If approved by a judge, the settlement in a class-action lawsuit would force the Eastern Los Angeles County Regional Center to continue to provide the popular autism therapy known as DIR.

June 18, 2010|By Alan Zarembo, Los Angeles Times

Families of children with autism in eastern Los Angeles County appear to have prevailed in a fight to maintain state funding for a popular therapy for the disorder.

More than 2,200 families received notice this week of a preliminary settlement in a class-action lawsuit that, if approved by a judge, would force the Eastern Los Angeles County Regional Center to continue to provide the treatment, known as the DIR model (for "developmental, individual difference, relationship-based").

DIR is the basis for Floortime, a popular method in which a therapist follows a child's lead during play activities to develop communication and social skills.

Last year, the regional center — one of 21 nonprofits throughout the state that administer state money for people with developmental disabilities — informed more than 100 families whose children were receiving DIR that it would no longer pay for the therapy. That prompted the Public Counsel Law Center to file a class-action suit.

At the time, Gloria Wong, the executive director of the regional center, said she was simply enforcing a mandate from the state Legislature to stop paying for experimental and non-medical treatments — part of a broad effort to cut more than $300 million from the state budget for people with developmental disabilities.

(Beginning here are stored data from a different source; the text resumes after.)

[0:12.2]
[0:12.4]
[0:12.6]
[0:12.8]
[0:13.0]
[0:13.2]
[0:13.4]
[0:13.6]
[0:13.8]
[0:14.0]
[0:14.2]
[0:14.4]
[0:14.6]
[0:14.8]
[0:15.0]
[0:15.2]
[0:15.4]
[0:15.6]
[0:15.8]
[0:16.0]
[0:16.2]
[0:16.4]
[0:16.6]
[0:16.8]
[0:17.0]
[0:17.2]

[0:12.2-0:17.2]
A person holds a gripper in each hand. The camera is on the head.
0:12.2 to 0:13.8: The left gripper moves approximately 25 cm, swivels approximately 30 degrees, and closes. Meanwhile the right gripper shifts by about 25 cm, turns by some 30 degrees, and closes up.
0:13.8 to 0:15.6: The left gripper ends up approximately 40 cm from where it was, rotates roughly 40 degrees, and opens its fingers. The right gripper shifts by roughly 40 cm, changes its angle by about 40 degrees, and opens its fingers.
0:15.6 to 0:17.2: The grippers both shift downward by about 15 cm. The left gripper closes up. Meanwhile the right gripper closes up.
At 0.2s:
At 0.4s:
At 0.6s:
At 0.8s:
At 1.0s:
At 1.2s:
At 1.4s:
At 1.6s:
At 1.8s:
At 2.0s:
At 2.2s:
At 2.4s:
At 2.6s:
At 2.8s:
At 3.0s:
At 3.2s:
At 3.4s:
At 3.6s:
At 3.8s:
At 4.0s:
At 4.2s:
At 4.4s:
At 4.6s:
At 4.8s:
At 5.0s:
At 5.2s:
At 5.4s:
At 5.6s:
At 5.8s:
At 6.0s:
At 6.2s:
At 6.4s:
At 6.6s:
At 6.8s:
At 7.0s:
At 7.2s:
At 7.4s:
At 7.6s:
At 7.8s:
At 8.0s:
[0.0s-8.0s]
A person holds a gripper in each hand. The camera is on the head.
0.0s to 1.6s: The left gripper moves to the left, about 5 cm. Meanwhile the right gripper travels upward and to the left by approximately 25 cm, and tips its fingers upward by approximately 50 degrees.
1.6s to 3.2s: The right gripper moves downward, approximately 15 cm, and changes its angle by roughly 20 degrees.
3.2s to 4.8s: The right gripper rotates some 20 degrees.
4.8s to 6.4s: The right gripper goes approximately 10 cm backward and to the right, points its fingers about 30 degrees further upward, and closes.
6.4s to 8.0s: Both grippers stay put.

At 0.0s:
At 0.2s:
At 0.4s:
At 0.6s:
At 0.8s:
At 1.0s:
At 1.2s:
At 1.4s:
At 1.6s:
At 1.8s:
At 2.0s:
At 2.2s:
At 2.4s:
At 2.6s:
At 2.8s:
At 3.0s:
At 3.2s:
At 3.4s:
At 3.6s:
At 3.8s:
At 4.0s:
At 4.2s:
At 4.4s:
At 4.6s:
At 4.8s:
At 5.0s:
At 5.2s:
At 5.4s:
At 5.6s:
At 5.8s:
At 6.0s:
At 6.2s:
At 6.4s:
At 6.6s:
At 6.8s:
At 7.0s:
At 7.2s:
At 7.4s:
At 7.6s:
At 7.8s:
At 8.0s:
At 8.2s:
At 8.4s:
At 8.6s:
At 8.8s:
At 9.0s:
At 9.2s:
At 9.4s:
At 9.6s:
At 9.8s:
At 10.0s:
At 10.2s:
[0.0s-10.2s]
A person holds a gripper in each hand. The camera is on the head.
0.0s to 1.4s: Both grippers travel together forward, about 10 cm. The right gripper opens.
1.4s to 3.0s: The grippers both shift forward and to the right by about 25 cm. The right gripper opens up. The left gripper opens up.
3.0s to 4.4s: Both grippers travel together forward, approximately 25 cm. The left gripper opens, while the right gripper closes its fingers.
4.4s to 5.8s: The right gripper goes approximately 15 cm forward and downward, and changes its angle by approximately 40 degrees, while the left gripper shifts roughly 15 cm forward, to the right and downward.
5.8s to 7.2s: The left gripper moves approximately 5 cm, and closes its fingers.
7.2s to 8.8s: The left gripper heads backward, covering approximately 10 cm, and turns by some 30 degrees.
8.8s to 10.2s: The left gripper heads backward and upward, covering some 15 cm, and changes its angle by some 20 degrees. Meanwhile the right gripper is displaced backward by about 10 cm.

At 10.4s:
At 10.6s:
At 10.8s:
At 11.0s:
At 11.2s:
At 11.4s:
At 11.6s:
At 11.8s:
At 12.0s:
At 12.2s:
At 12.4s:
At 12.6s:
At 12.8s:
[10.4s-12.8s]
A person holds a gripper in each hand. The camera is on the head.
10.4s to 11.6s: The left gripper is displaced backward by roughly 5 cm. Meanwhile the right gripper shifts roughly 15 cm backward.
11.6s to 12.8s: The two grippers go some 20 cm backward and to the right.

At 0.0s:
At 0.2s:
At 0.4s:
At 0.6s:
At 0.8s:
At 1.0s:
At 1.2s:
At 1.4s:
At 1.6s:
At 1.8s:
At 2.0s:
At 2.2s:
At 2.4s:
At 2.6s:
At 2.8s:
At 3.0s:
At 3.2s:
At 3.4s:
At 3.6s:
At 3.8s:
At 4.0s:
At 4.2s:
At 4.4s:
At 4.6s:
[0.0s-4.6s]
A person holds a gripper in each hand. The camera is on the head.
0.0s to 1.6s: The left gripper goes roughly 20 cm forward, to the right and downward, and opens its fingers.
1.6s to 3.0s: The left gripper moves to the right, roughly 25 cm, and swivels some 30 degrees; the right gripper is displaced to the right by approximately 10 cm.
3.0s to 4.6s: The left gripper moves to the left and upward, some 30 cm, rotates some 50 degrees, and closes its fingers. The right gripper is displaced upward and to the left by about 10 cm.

DIR has not been tested with controlled scientific studies, but experts testified it is supported by decades of clinical experience. Other regional centers pay for DIR.

The Eastern Los Angeles County Regional Center could end up having to provide the treatment to more people than ever. As part of the settlement, families whose autistic children had never received the treatment were among those notified this week that they too may be eligible for it.

Lawyers in the case said they expect the judge to give final approval to the settlement in September.